══ DATA SECTION

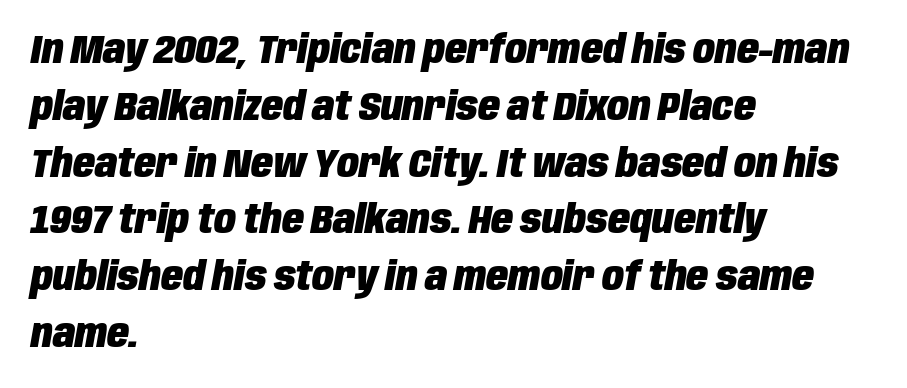
{"italic": "yes", "lean": "right", "slant_degrees": 10, "bold": "yes", "weight": "heavy", "width": "condensed", "stroke_contrast": "low", "x_height": "large", "monospaced": "no", "underline": "no", "align": "left", "line_spacing": "normal", "line_spacing_ratio": 1.42, "letter_spacing": "normal", "letter_spacing_em": 0.0, "glyph_px": 40}
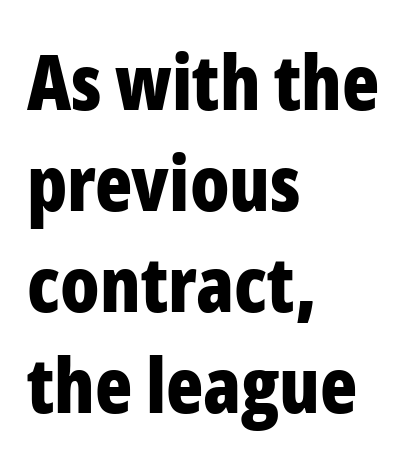
Q: Is the text bold? A: Yes.
Q: Is the text italic (slanted)? A: No, it is upright.
Q: Is the typeface a serif or a sans-serif typeface? A: Sans-serif.
Q: Is the text underlined? A: No.
Q: How is the paragraph aligned? A: Left-aligned.
Q: Is the spacing between letters normal or unusually wide? A: Normal.
Q: Is the spacing between lines tight, normal or loose? A: Normal.
Q: Width (condensed, normal, or wide)? A: Condensed.
Q: Stroke contrast? A: Low.
Q: x-height? A: Medium.
Q: Monospaced? A: No.

════

[WORK INSTRUCTIONS]: If a record contains a picture, leave the picture out; repeat the record itself exactly.

[ANSWER BOX]:
{"italic": "yes", "lean": "right", "slant_degrees": 10, "bold": "yes", "weight": "heavy", "width": "condensed", "stroke_contrast": "low", "x_height": "large", "monospaced": "no", "underline": "no", "align": "left", "line_spacing": "normal", "line_spacing_ratio": 1.42, "letter_spacing": "normal", "letter_spacing_em": 0.0, "glyph_px": 40}
Q: Is the text bold? A: Yes.
Q: Is the text italic (slanted)? A: No, it is upright.
Q: Is the typeface a serif or a sans-serif typeface? A: Sans-serif.
Q: Is the text underlined? A: No.
Q: How is the paragraph aligned? A: Left-aligned.
Q: Is the spacing between letters normal or unusually wide? A: Normal.
Q: Is the spacing between lines tight, normal or loose? A: Normal.
Q: Width (condensed, normal, or wide)? A: Condensed.
Q: Stroke contrast? A: Low.
Q: x-height? A: Medium.
Q: Monospaced? A: No.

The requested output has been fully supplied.